Derrière l’artwork « particulier » et l’obscur avatar qui l’accompagne, se cache un musicien qui a roulé sa bosse dans des projets qui ont relativement connu le succès critique et commercial. Au milieu des années 90 au sein de Flanger tout d’abord (référence futurejazz, easy listening et downtempo à l’époque chez Ninja Tune), accompagné par un autre zicos génial et tordu qui fait aujourd’hui le bonheur de raster-noton : Uwe Schmidt, que nos lecteurs connaissent mieux sous son pseudonyme Atom™. Bernd Friedman crée ensuite son propre label, Nonplace, sur lequel il sortira essentiellement ses propres réalisations et collaborations. Il fera également partie du trio Nine Horses, en compagnie de Steve Jansen et du légendaire David Sylvian.
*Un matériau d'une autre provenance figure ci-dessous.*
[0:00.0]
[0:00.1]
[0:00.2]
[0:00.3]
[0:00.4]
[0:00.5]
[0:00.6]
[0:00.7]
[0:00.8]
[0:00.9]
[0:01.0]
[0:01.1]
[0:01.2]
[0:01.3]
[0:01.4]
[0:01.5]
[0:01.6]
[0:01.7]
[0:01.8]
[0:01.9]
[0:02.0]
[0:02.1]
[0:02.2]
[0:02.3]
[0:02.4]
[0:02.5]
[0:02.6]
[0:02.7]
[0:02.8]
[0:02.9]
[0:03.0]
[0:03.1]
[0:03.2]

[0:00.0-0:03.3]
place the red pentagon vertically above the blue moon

Le mec participe aujourd’hui à un nombre incalculable de projets, allant de l’ambient au funk/indus en passant par le dub chimique. Alors que beaucoup avaient déconnecté de ses péripéties musicales, le voilà qui nous revient sans bruit avec un Zokuhen assez surprenant.
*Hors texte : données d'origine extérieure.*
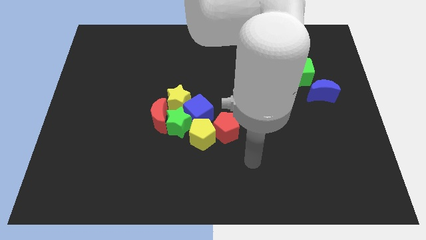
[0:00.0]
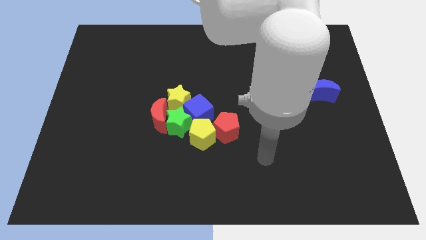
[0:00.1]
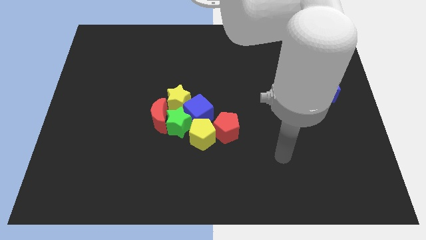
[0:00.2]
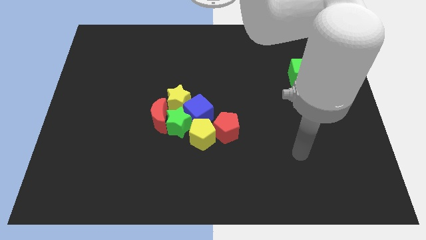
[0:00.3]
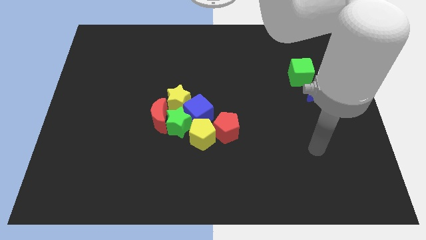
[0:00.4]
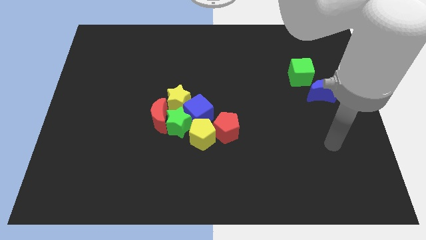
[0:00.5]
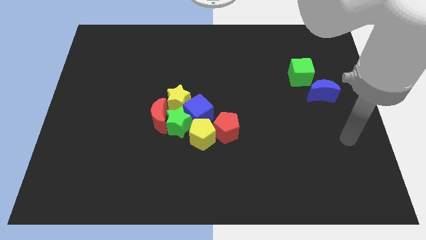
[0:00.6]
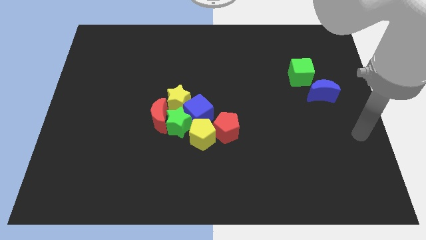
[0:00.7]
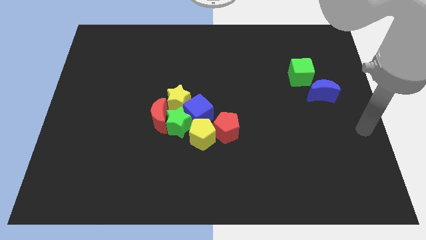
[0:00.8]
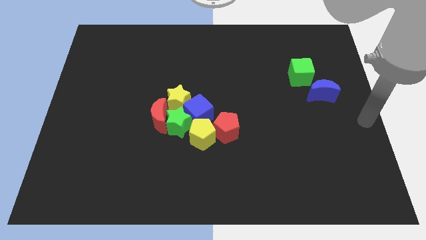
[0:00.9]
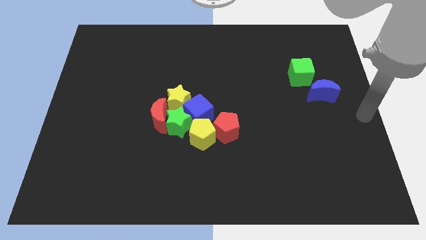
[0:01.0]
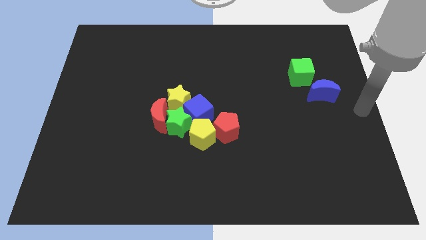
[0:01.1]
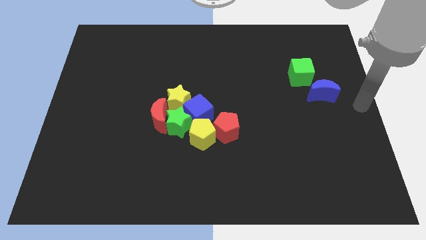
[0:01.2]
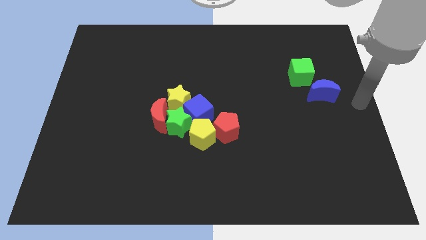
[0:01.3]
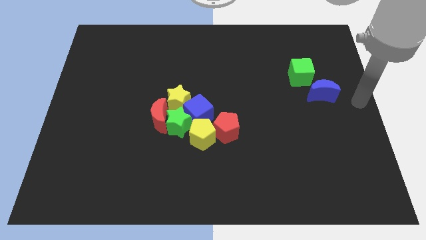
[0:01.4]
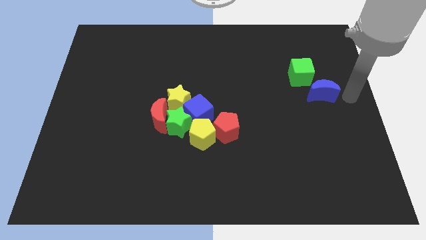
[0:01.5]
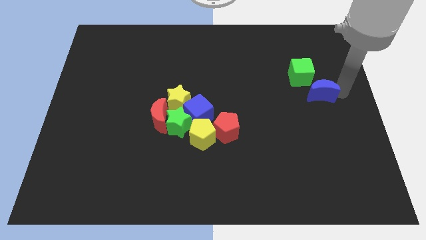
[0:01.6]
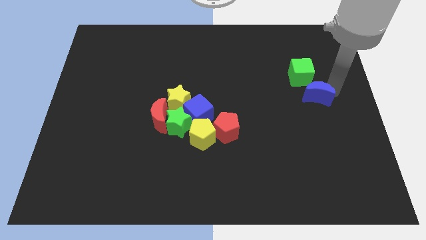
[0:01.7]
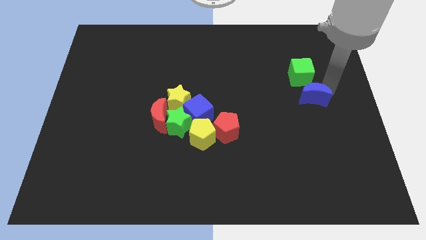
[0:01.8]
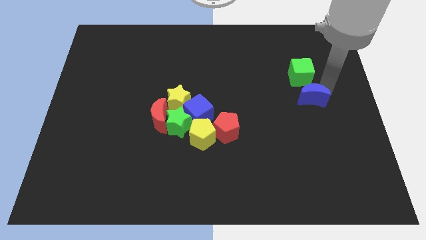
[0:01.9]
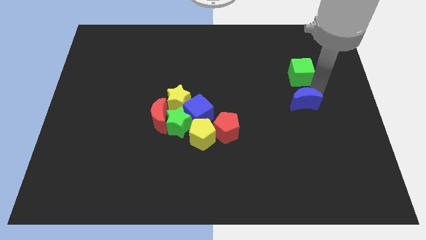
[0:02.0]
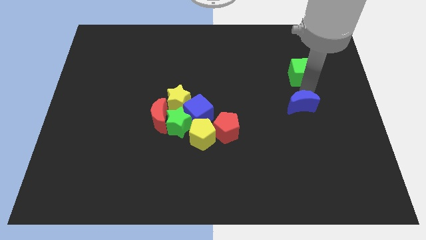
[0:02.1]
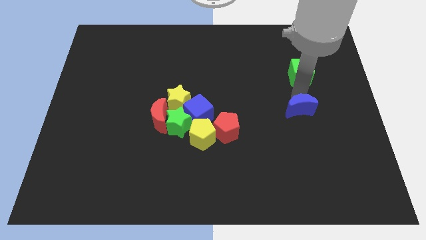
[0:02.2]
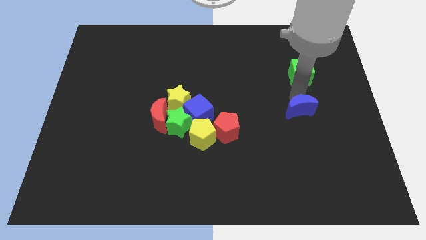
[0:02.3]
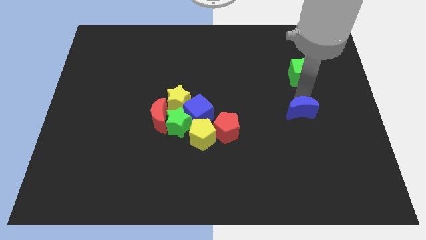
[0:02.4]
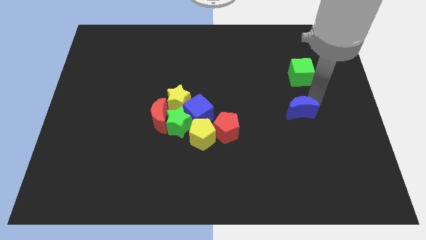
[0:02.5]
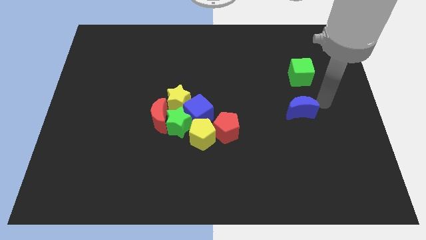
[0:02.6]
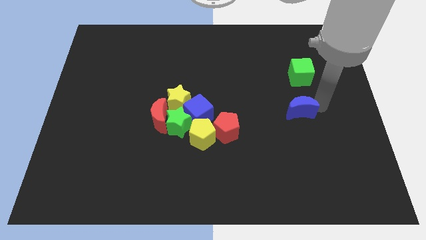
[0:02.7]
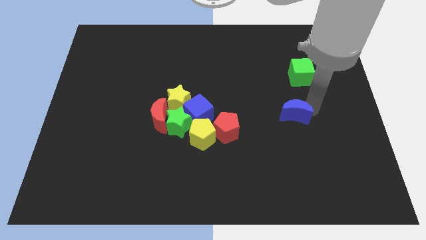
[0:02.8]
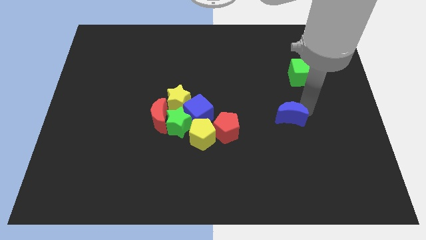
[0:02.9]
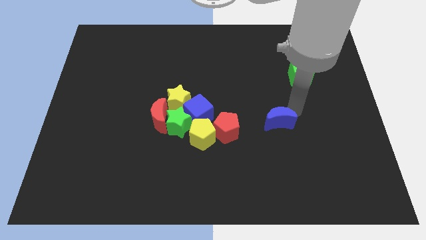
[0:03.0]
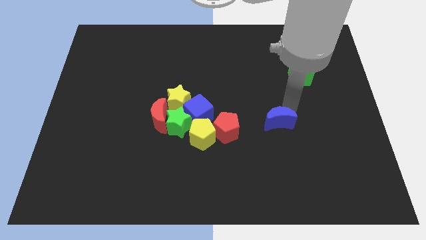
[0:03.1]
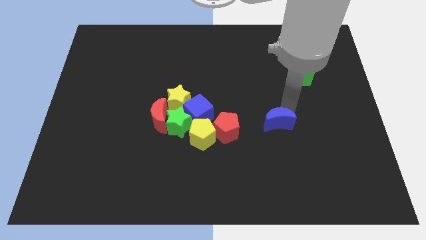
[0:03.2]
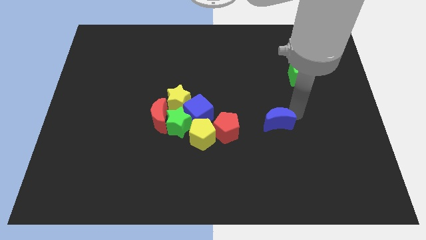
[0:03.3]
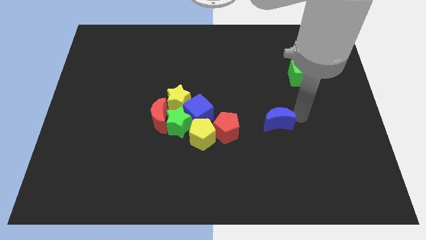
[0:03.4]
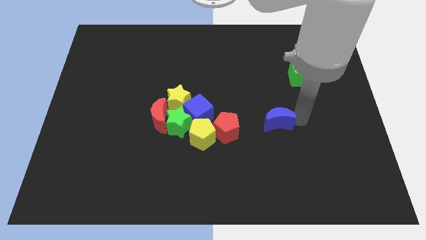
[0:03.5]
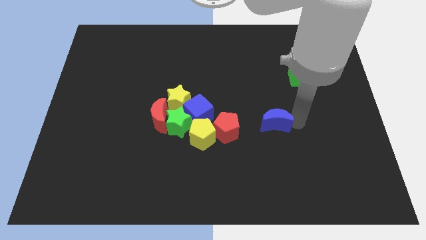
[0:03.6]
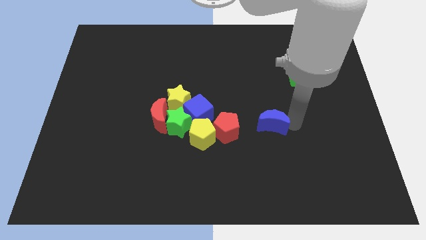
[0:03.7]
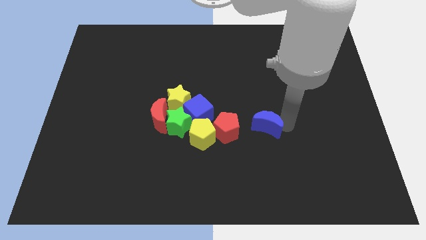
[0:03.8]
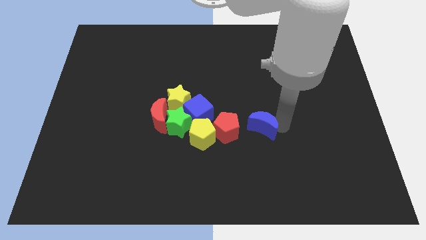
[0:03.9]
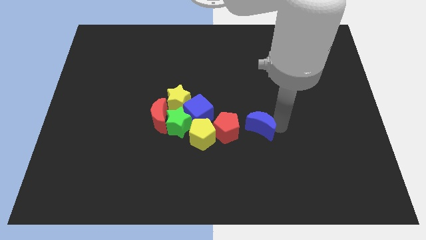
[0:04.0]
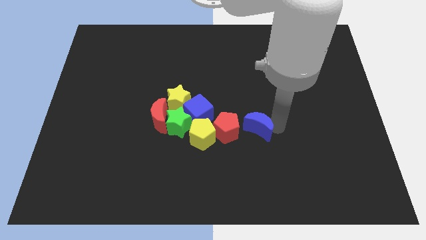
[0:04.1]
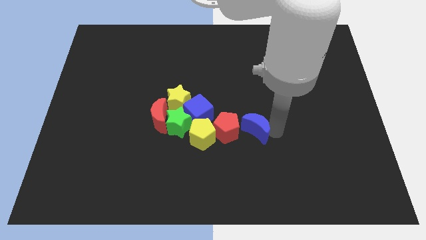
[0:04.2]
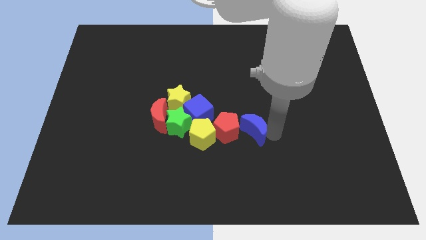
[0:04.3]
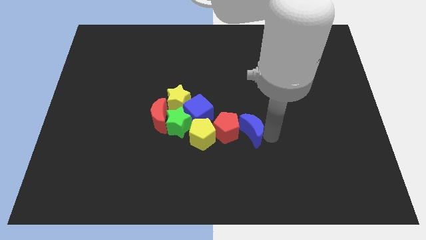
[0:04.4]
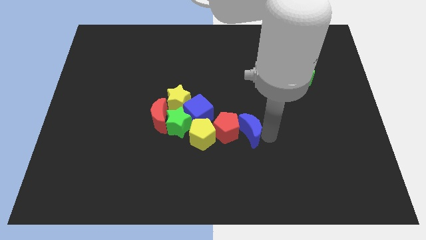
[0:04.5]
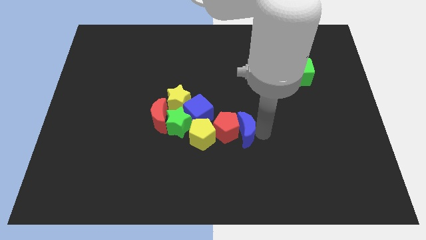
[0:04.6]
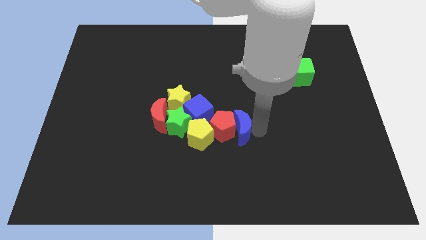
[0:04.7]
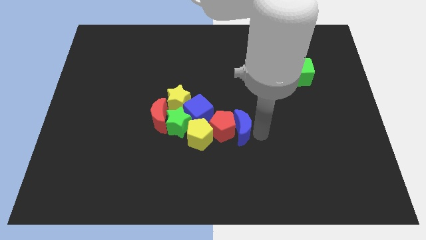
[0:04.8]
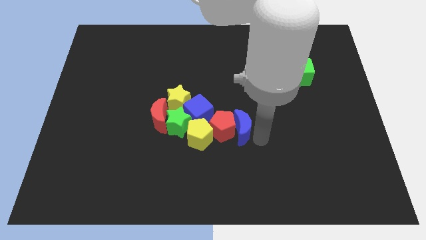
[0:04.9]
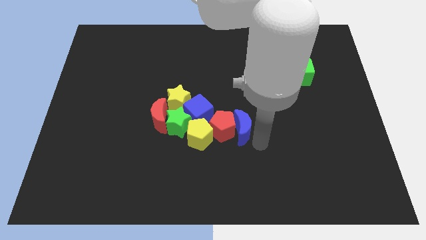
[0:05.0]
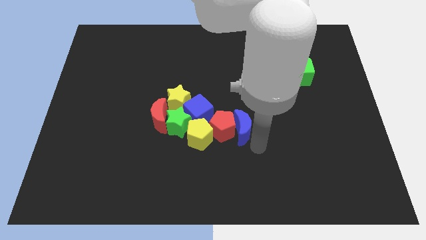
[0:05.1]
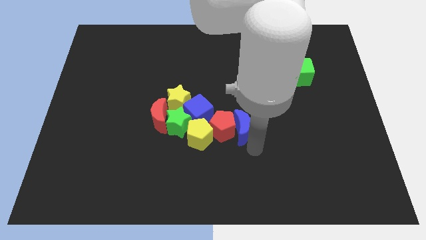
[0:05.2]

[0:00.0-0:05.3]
separate the blue crescent from the green cube

Le constat est assez étrange. Voilà probablement au moins cinq ans que je n’ai pas écouté un album de Flanger, et je retrouve ici la griffe de Friedman comme si je ne l’avais jamais abandonnée. Surtout pour ce qui est de la fluidité du mix, sa manière de fusionner certains aspects jazz, dub et des rythmiques très africaines et/ou nippones. Ecouter Flanger de nos jours, et crier au génie sans remettre les choses dans leur contexte relève de la vaste blague. Ne nions pas l’évidence, même si les compositions de Friedman n’ont jamais rien eu de commun avec celles de Kruder & Dorfmeister ou Thievery Corporation, on comprend encore mieux aujourd’hui pourquoi ce genre de sons a pu être qualifié de « lounge » ou de « easy listening ». Fort heureusement, l’allemand s’est considérablement éloigné de ces territoires sonores surponcés. Le gars a évolué dans la confidentialité, et certains jugeront ses nouvelles escapades comme tout sauf anecdotiques. D’autres parleront même de génie…
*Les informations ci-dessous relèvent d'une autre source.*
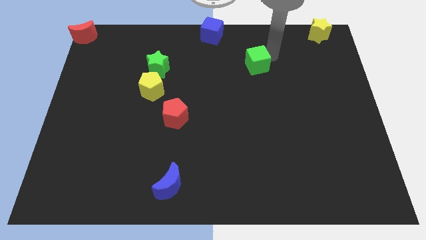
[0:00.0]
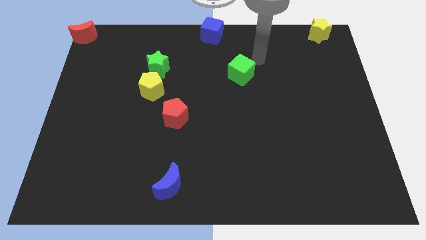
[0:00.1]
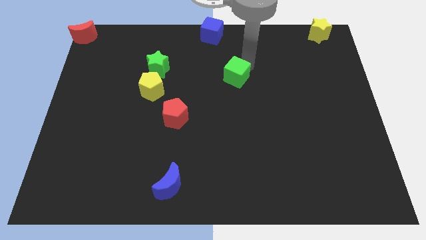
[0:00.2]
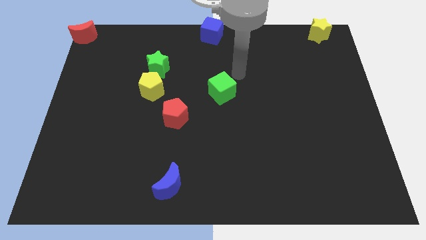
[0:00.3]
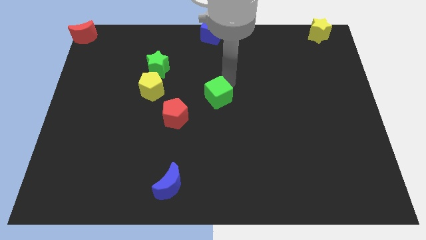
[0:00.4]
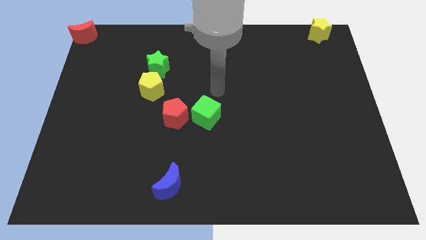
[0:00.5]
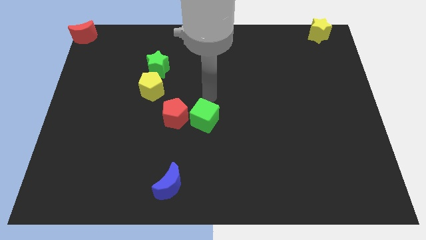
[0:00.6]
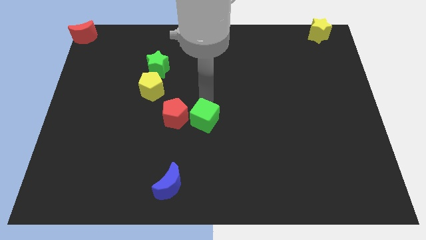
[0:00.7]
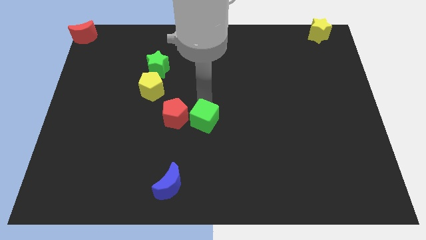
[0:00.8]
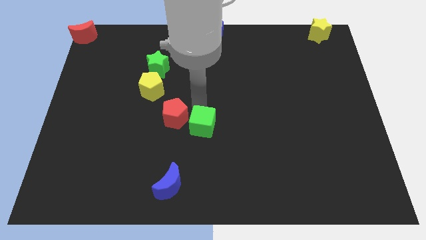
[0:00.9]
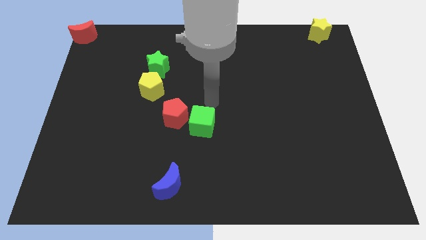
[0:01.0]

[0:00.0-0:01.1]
move green cube to the right of red pentagon

Parce que putain ça groove (mot/verbe de merde à ne surtout jamais utiliser dans une chronique digne de ce nom) sèchement. Les puristes du jazz n’aimeront pas, comme d’habitude. Car le substrat est ici trempé dans des matières presque psychédéliques, voire hallucinogènes. Même si l’extrême fluidité ici déballée aurait bien mérité quelques aspérités, le potentiel hypnotique de cet album est assez important. Les parties rythmiques sont même assez impressionnantes, même pour les aigris. L’allemand paye son lot de kalimbas et autres percussions étranges, pas toute sorties uniquement de son Korg. Les aspects très binaires, propices à la danse, revêtent d’ailleurs une tenue tribale et parfois presque martiale. C’est beau, et très varié en terme de textures. L’intégration de (faux je pense) cuivres et de (vraies) guitares électriques, sur les excellents Riku Ro, Deku Nobo 2, En Bu 2 et Kon Ki relève même du coup de maître. Tout comme l’apport du sarod, instrument étrange et peu utilisé qui brille de ses mille feux dans le coeur même de cet album. Y a même un moment où on oublie que ça ressemble à du dub ou qu’il y a ici des effluves un peu world. Place aux stigmates sur les voies de la perception. Pour une fois, King Tubby, Lee Perry et Augustus Pablo n’ont pas été volés sans vergogne. (C’est toi, plus ou moins jeune dreadeux crado du Forez que je regarde avec mépris.) Il est ici question de création pure, avec une part forcément très légère laissée au sampling, qui laissera des traces dans l’imaginaire des glorieuses âmes aventureuses.
Déjà sold out (la version vinyle) chez la plupart des mailorders, Zokuhen n’a même pas eu besoin de promotion proprement dite pour se vendre comme des pochons de beuh. Il n’y a nulle part le moindre extrait vidéo ou audio que je puisse vous faire partager, pour un peu plus vous convaincre d’y jeter une oreille. L’écoute intégrale est possible ici. Point donc besoin de recommandation supplémentaire. Que ceux qui pensaient qu’on ne pouvait assimiler et mixer au 21ème siècle les héritages de Funkadelic, Georges Clinton, Lee Perry ou de la famille Kuti se prennent la première pierre. L’occident ne pervertit pas toujours tout ce qu’il touche. Fait suffisamment rare pour être aujourd’hui signalé.